Friday, August 12, 2016

FFB Review: THE TIGHTROPE MEN (1973) by Desmond Bagley (Reviewed by Barry Ergang)

Instead of a repeat review this week from me, Barry Ergang is back with another all new review. After you read his review of THE TIGHTROPE MEN  by Desmond Bagley make sure you check out Todd Mason's Sweet Freedom blog for the other suggestions today.


THE TIGHTROPE MEN (1973) by Desmond Bagley

Reviewed by Barry Ergang

When he awakens, Giles Denison from Hampstead, England has no idea what kind of dangerous adventure will unfold in his immediate future. Then, too, when he awakens and finds himself in an unfamiliar room—in a hotel in Oslo, Norway—one little shock and surprise follows another until the ultimate stunner hits him literally between the eyes.

When he looks into a bathroom mirror, the face he’s accustomed to seeing is not his own.

Fighting the madness he fears is overtaking him, he says aloud, “I am Giles Denison. I am thirty-six years old. I went to bed last night in my own home. I was a bit cut, that’s true, but not so drunk as to be incapable. I remember going to bed—it was just after midnight.”

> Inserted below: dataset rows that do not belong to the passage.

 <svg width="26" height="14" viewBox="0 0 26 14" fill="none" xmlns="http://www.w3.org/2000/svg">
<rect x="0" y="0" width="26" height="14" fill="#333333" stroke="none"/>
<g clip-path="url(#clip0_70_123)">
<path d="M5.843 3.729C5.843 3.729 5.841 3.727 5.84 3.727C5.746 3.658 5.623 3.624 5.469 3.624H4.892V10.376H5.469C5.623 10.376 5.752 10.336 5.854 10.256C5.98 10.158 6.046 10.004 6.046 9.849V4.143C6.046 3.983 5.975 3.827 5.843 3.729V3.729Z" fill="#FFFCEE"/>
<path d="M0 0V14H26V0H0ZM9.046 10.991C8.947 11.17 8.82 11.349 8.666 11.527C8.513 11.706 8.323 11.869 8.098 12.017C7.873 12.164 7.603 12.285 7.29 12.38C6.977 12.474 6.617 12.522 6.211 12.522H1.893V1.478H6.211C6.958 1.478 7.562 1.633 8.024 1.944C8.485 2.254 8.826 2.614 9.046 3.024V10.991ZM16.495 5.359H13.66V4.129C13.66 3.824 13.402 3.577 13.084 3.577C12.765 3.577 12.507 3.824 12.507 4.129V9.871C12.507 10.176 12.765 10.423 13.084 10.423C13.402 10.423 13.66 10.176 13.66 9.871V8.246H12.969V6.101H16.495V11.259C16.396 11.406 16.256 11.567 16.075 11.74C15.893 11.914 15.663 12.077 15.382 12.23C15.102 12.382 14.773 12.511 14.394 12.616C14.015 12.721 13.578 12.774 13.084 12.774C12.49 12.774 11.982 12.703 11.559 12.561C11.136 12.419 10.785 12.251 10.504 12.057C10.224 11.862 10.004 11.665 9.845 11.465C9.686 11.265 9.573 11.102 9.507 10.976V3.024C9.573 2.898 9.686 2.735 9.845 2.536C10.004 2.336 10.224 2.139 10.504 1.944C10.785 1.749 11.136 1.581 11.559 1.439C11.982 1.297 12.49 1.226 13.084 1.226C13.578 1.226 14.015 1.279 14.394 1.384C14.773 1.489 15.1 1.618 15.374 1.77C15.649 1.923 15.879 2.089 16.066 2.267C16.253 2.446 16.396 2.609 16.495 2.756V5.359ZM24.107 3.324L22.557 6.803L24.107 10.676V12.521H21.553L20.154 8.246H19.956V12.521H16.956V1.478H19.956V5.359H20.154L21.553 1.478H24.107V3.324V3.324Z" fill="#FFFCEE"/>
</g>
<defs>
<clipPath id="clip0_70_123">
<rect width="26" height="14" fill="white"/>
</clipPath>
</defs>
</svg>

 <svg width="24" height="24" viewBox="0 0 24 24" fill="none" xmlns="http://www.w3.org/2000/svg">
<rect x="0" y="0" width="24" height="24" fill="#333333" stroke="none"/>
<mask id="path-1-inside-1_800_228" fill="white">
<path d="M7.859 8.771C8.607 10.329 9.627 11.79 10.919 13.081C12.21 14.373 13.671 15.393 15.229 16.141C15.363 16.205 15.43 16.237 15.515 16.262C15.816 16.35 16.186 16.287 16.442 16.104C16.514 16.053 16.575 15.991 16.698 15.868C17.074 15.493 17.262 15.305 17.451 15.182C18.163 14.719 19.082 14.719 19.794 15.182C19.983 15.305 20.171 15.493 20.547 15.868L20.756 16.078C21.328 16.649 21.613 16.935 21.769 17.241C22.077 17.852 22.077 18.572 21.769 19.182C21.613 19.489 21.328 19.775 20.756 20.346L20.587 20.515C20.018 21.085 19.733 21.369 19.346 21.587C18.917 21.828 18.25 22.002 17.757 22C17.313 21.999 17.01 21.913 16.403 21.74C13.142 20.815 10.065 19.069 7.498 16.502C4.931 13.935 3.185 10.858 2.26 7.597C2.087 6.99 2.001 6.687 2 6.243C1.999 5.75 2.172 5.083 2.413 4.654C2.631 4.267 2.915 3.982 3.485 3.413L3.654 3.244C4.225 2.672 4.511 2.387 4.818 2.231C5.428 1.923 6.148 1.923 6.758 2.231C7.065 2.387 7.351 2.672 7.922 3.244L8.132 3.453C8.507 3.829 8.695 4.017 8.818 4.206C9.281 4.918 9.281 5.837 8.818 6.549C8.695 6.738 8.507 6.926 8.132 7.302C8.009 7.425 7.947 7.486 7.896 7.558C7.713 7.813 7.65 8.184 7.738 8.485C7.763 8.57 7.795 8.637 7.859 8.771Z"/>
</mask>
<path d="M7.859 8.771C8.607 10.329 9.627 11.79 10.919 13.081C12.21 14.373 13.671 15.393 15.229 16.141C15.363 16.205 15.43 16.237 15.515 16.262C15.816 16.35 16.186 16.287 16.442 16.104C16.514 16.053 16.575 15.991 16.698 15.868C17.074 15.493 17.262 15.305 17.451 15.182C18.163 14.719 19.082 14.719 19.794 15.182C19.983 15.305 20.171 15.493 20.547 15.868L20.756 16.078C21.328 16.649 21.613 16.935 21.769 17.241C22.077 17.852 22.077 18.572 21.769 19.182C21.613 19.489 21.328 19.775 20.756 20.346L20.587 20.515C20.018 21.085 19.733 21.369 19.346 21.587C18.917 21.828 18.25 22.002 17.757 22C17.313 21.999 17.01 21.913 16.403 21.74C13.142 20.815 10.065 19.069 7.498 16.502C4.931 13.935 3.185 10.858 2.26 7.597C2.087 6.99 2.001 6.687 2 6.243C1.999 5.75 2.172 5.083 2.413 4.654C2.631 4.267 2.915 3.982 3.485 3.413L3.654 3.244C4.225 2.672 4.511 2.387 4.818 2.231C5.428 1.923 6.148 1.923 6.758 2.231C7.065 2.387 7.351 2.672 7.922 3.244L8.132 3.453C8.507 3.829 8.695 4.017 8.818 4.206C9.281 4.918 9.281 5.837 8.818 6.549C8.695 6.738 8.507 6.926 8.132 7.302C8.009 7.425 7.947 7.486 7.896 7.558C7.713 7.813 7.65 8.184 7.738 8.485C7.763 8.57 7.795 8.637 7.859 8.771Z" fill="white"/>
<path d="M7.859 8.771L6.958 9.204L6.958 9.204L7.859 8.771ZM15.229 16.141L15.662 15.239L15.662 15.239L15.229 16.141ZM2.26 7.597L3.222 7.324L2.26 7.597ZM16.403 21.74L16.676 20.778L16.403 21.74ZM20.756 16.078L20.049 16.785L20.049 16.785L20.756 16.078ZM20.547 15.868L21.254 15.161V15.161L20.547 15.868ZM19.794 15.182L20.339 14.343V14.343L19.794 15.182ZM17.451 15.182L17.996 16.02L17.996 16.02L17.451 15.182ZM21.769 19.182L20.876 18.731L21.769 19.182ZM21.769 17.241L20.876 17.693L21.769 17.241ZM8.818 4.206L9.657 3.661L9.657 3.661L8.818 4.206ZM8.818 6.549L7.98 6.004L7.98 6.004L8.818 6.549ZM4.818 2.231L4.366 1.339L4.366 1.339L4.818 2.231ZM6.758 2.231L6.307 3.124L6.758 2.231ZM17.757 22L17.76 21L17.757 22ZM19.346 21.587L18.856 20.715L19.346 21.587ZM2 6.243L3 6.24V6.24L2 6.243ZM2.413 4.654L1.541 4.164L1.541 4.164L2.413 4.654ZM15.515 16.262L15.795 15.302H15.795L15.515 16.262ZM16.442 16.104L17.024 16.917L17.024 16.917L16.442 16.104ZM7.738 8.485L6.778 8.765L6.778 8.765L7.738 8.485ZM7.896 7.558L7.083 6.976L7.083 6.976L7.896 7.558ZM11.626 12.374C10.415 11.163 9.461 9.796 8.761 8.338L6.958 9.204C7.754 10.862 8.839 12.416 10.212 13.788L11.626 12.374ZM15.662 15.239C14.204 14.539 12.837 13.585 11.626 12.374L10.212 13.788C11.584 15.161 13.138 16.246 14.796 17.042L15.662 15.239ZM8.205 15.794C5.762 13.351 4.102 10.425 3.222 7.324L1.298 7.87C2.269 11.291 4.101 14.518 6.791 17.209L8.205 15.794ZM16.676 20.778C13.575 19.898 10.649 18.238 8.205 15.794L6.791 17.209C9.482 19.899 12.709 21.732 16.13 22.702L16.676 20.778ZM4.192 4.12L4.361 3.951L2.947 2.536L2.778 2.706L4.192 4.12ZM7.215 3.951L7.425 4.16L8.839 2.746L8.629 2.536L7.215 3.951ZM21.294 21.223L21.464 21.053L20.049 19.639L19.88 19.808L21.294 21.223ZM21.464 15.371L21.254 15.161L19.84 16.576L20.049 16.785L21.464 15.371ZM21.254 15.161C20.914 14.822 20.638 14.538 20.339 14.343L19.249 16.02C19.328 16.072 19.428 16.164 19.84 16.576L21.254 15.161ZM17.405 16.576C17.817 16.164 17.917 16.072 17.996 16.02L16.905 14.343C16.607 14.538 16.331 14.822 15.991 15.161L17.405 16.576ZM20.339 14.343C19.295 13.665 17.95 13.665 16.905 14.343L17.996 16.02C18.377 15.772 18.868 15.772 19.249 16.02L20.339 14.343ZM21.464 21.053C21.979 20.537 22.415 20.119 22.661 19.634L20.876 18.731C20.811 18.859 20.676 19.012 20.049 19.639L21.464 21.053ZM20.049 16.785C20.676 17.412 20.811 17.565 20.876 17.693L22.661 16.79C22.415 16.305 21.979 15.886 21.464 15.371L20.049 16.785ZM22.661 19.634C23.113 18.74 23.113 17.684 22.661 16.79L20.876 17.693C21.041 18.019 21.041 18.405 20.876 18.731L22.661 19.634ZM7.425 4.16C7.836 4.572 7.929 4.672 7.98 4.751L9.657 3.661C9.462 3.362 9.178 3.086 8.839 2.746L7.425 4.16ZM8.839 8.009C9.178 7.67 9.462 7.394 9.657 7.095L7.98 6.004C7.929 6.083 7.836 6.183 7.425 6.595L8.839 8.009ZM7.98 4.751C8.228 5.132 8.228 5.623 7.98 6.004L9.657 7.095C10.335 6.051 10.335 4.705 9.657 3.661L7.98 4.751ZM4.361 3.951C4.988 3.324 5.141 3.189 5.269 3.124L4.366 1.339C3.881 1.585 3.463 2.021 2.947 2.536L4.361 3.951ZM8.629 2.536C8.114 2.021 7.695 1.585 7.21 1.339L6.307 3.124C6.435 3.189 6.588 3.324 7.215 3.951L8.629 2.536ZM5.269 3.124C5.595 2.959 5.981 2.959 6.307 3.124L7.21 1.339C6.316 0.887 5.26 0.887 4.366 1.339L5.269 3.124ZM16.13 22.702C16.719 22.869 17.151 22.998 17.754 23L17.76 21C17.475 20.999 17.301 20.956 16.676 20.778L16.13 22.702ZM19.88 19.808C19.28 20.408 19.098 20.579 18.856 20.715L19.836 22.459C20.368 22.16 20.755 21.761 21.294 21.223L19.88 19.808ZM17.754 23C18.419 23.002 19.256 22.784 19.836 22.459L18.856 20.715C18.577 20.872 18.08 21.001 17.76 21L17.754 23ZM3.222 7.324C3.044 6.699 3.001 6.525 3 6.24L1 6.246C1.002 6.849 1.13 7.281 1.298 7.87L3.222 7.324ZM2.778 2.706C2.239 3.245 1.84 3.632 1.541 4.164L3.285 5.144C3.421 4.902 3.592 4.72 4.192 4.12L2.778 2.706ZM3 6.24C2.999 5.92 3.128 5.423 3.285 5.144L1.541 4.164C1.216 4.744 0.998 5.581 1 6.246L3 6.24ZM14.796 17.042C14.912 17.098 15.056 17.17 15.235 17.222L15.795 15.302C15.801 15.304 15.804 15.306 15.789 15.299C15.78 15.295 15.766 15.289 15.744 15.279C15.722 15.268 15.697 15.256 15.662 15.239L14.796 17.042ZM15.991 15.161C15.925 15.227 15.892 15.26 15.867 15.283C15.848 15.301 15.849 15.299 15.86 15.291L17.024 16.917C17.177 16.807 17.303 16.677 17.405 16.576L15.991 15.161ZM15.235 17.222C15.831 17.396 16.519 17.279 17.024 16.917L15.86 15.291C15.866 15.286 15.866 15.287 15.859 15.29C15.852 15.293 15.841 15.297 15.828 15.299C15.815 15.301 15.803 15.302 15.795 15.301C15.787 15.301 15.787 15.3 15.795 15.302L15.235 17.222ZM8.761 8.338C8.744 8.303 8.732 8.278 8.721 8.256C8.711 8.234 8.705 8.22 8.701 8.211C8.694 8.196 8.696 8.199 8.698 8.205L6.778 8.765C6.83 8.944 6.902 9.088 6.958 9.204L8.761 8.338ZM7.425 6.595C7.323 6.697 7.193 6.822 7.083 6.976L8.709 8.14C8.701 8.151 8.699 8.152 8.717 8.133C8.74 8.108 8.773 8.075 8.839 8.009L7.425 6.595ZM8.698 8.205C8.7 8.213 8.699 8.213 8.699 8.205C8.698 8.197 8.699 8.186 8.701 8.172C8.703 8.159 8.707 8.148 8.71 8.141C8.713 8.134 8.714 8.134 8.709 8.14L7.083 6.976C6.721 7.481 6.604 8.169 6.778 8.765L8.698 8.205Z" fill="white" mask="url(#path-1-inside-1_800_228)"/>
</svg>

Denison comes to realize that his face, if not his mind, belongs to one Harold Feltham Meyrick, who is at least ten years older. As matters develop, he’s pursued with apparently homicidal intent through the Spiraltoppen, a tunnel in a Norwegian mountain (see YouTube for videos—this is a real locale). When Carey and McCready from the British embassy enter the picture, Denison voluntarily becomes embroiled in a convoluted scheme to unearth buried treasures of sorts which are vital to the Cold War while working with a group of others—a group with its own potential dangers—as decoys to divert Russian agents who seek the same treasures. All the while he has to try to figure out who is truly who and what he or she really wants. Not the least of the questions he needs answers to are who Giles Denison is—or once was—how and why and by whom he’s suddenly become caught up in this perilous insanity, and what’s been done to him to cause emotional panic states and blackouts when he tries to probe his own psyche for answers.  

I read and very much enjoyed quite a few of Desmond Bagley’s adventure thrillers many years ago, so it was a pleasure to finally read this one. Bagley was a contemporary of Alistair MacLean’s and, though he was successful, I’m not sure—I’m only guessing about this—that he was as well known. As much as I’ve enjoyed many a MacLean novel, my favorite among those I’ve read being Where Eagles Dare, I like Bagley’s work even more. MacLean tended to write lengthy descriptive passages that slowed his narratives, whereas Bagley always managed to integrate description with action in a manner that effectively conveyed setting without decelerating the forward movement of the story. The Tightrope Men is a case in point, a novel whose storyline is full of surprises and twists as tortuous as the Spiraltoppen’s are for Denison—and for readers. This one is easy to recommend.  



© 2016 Barry Ergang

Derringer Award-winner Barry Ergang’s work has appeared in a multitude of publications, print and electronic. You can find some of it in a variety of genres in e-book formats at Amazon and Smashwords

1 comment:

  1. This is such a truly great Spy/Action novel. It starts with that truly awesome beginning, then the middle section of the book builds up the tension that is resolved in a wonderful conclusion.

    Very lucky to own a copy of the original US hardcover as shown in the cover pic.